The Mach VM manages the lifecycle of physical pages on the system. VM maps are the source of truth of the system, and the pmap and page-tables are a live cache of that state. The Mach VM has had bugs where the page tables would have dangling page table entries (PTEs) — where these PTEs represented mappings that should not exist anymore, and that the VM lost track of.

We call this class of inconsistency bugs *Physical Use-after-free (PUAF)*. When the VM thinks a page became unused, it adds it to a freelist of physical pages in order to repurpose it to hold new content, for possibly a completely different security domain. In the case of a PUAF, the VM leaves a dangling mapping that an attacker can take abuse to still access the content of a page after it has been repurposed.

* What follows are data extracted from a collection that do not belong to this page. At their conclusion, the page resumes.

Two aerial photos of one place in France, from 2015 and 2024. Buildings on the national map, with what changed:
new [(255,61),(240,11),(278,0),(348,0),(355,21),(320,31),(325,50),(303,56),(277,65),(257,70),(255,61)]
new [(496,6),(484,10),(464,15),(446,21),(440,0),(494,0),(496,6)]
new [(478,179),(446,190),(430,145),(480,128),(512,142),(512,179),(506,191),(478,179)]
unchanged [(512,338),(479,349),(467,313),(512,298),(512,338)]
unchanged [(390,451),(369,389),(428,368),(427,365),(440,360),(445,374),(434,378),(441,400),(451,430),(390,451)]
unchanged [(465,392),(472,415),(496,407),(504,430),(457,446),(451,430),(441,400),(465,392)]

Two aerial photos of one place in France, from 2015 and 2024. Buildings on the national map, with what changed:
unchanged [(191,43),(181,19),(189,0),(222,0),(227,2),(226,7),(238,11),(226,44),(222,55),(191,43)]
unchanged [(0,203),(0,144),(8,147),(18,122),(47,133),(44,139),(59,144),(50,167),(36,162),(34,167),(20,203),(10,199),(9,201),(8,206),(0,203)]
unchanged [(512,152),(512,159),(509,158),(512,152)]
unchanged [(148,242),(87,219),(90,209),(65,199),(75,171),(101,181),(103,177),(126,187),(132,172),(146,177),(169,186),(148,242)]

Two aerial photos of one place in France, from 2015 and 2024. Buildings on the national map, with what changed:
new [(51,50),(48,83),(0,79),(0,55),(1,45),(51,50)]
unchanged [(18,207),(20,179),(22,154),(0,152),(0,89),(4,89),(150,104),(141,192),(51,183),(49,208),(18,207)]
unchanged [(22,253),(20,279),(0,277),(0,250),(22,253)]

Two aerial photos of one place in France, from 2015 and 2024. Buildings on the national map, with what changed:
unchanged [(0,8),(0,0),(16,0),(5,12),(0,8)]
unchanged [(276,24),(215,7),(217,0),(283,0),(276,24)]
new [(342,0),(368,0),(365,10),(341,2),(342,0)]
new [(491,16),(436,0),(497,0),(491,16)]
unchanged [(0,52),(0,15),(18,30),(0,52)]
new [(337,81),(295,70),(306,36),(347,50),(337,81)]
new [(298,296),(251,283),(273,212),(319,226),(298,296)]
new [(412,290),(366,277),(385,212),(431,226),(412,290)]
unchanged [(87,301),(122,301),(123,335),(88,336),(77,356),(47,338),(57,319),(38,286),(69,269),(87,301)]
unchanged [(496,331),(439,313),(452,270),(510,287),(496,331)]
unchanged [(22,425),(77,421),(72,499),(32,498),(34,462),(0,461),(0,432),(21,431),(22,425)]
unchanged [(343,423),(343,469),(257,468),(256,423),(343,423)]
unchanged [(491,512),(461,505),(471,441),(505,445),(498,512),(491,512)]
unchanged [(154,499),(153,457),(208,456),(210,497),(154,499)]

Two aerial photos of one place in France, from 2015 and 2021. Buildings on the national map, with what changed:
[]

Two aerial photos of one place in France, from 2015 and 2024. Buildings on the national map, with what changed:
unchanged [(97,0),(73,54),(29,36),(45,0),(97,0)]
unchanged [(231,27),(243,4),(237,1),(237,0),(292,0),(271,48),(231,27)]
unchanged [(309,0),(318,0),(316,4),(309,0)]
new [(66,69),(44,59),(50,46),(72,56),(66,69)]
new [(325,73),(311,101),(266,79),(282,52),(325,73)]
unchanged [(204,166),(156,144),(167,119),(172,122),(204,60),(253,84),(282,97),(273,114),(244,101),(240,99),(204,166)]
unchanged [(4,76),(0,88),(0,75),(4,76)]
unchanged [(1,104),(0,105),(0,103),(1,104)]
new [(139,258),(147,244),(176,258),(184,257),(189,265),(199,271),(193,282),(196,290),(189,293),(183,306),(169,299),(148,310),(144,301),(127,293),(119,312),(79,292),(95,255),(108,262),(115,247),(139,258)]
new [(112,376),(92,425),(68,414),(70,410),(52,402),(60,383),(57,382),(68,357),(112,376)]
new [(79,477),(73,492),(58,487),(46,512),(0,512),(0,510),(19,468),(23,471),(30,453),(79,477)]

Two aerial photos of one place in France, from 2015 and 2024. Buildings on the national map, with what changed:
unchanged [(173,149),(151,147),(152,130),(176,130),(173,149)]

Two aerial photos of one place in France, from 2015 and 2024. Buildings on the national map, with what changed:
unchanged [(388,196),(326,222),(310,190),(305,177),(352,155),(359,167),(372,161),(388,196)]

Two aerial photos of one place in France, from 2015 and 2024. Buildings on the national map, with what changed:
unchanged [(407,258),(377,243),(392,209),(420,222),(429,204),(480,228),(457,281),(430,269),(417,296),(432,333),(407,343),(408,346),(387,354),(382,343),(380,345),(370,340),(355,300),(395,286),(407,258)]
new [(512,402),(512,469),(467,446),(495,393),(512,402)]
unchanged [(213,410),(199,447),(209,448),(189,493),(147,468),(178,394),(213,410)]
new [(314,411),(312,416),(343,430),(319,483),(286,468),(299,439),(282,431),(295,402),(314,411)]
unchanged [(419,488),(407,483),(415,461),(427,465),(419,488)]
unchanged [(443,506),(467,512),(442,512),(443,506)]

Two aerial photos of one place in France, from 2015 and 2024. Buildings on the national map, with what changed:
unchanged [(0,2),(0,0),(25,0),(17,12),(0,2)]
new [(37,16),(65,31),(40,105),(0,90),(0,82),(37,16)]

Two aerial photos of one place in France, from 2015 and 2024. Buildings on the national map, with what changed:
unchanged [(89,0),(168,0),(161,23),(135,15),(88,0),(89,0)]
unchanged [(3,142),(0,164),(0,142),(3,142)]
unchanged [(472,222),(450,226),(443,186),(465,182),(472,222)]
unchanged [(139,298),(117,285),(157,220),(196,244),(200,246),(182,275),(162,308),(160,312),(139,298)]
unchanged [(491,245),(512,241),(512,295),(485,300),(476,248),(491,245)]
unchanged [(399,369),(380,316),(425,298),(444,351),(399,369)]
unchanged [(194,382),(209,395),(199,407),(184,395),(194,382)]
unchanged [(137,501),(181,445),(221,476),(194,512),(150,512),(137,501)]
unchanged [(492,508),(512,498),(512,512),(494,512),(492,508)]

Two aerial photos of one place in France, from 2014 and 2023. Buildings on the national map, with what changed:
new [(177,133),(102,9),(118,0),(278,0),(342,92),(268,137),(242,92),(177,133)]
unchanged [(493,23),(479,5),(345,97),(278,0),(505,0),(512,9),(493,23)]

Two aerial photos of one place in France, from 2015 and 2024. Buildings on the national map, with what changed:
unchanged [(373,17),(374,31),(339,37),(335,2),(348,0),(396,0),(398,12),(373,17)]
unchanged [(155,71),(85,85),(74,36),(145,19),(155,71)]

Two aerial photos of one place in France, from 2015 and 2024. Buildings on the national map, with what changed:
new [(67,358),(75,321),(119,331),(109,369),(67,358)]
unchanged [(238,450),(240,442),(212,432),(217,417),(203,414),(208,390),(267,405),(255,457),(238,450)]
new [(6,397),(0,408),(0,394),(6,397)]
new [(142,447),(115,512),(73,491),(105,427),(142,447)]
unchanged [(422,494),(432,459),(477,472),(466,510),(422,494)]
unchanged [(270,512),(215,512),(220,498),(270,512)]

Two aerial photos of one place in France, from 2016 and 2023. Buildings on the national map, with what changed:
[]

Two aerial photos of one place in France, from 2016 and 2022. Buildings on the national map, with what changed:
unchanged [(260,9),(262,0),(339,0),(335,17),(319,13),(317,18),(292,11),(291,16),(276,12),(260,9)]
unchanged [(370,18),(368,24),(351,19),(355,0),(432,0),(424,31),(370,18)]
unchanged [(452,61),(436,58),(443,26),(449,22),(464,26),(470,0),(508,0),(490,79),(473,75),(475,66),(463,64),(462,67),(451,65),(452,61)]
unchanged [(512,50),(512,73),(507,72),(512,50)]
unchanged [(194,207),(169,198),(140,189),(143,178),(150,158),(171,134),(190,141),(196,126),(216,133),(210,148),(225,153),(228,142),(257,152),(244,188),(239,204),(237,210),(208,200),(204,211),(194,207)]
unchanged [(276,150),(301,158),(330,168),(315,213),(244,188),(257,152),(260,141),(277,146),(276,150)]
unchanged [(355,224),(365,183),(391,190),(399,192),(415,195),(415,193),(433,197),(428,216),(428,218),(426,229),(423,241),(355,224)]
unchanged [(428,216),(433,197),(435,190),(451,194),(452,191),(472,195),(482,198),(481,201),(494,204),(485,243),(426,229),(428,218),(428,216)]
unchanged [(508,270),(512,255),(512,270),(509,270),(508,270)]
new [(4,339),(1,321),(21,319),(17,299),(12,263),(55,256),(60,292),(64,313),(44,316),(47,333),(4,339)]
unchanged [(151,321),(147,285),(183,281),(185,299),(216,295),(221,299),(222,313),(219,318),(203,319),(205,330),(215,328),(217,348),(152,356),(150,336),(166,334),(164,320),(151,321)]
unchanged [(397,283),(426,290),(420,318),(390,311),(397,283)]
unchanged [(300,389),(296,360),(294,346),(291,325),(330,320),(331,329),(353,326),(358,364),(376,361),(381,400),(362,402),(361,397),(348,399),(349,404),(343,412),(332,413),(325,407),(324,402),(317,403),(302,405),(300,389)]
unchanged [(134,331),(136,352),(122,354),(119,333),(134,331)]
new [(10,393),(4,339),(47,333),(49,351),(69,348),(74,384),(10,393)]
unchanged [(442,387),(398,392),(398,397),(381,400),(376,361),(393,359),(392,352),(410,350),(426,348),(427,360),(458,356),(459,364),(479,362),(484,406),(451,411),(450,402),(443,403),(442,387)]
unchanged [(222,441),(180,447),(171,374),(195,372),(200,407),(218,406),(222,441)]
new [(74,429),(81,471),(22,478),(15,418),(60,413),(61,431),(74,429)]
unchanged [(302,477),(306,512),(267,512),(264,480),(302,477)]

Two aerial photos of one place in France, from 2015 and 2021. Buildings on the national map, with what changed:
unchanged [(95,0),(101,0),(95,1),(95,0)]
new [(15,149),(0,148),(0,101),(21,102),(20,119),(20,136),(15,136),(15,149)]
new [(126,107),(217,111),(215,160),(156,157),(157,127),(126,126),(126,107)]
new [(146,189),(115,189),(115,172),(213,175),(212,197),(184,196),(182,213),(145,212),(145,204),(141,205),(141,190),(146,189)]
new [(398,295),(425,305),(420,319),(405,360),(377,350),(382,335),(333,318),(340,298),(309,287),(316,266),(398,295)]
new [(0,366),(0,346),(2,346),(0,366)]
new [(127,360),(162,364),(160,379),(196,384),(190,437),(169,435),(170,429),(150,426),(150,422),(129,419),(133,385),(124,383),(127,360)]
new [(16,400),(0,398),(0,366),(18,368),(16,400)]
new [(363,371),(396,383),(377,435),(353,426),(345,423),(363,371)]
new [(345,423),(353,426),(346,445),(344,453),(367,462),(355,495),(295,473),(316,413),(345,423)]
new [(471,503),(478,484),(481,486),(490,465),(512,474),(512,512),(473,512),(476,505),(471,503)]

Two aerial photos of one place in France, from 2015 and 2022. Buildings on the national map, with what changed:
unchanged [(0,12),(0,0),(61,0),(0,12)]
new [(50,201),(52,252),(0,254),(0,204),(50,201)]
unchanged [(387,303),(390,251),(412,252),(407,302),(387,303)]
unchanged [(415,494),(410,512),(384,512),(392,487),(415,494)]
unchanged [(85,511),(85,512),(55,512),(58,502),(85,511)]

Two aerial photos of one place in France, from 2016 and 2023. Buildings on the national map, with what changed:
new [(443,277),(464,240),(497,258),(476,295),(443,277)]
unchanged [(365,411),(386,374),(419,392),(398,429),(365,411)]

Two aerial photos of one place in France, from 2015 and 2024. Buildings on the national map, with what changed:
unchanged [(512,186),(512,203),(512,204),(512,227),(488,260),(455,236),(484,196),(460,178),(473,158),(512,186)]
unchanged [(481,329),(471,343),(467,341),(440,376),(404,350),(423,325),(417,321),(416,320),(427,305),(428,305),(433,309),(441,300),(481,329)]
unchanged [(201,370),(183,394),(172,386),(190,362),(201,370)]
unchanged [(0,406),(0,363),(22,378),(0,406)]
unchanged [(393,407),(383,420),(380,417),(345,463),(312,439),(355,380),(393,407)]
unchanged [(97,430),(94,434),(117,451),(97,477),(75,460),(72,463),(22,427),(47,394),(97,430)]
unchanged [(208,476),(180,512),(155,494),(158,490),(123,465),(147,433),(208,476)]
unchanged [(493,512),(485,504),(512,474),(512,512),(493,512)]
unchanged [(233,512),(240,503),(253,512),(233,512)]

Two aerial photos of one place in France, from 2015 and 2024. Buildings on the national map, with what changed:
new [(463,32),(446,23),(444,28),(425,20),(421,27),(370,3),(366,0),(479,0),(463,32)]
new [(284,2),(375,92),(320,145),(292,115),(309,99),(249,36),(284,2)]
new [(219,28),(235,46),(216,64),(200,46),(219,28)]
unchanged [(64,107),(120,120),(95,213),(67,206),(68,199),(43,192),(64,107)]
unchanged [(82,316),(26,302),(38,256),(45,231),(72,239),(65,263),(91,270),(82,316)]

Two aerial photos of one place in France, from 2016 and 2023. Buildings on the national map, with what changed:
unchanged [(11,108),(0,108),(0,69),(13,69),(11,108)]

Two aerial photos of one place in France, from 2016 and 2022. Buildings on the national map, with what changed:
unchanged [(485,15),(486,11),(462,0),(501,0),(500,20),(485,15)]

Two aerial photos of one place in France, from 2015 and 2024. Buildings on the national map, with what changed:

`XNU_KERNEL_RESTRICTED` forms a guarantee around this bug-class. SPTM requires that a page has no active mappings when it is retyped, and while the VM has lost track of the dangling mapping, SPTM will not. As a result, it becomes impossible for an attacker to maintain access via a dangling PTE to a page that was or would become `XNU_KERNEL_RESTRICTED`: the SPTM would detect the illegal retyping operation and would panic the system immediately. Gaining access to `XNU_KERNEL_RESTRICTED` memory via PUAF is hence deterministically stopped.

However, attackers can try to exploit PUAFs on the same frame type, which would not go through an SPTM retyping operation. For example, a page that was used for user data in a task A that gets reused to hold completely different data into a task B is such a scenario, and leads to an attacker breaking the process address space isolation the VM is meant to provide. To address that, we use a runtime check each time the Mach VM moves a physical page into a “freed” state. We simply utilize SPTM’s precise tracking of mappings and use it to assert that the page indeed has no active mapping. As a result, any direct attempt to recycle a physical page with active mappings deterministically panic the system.

### Protecting MTE

We apply MTE to the kernel to any dynamic memory that contains kernel pointers, in order to mitigate use-after-free and out-of-bounds bugs. This can also be extended to all kernel-private memory, not just the part that contains kernel pointers — but isn’t at this time. The more memory we tag, the larger the attack surface we protect.

However, if there is any way to access tagged memory without going through tag checks, MTE is bypassed. Which is why we have to disallow any attempt of mapping MTE tagged pages outside of the kernel address space, which completely coincide with the purpose of `XNU_KERNEL_RESTRICTED`. In the end, this is no different than the motivation described above; it is just that MTE makes it even more appealing for attackers to reach for said primitives, which makes `XNU_KERNEL_RESTRICTED` even more important.

## Typing memory

To know what is kernel-private with pointers, kernel-private without pointers and kernel-shareable, we use the type-based segregation provided by in [kalloc_type](https://security.apple.com/blog/towards-the-next-generation-of-xnu-memory-safety/). The zone allocator (*zalloc*) and *kmem* already propagate metadata describing the allocation, via the `KMEM_DATA`, or `KMEM_DATA_SHARED` flags:

* All *kmem* based allocations, besides `KMEM_COMPRESSOR` and `KMEM_DATA_SHARED` pages, are typed as `XNU_KERNEL_RESTRICTED`.
* All *zalloc* allocations, besides the shareable data heap and ROAllocator, are typed `XNU_KERNEL_RESTRICTED`.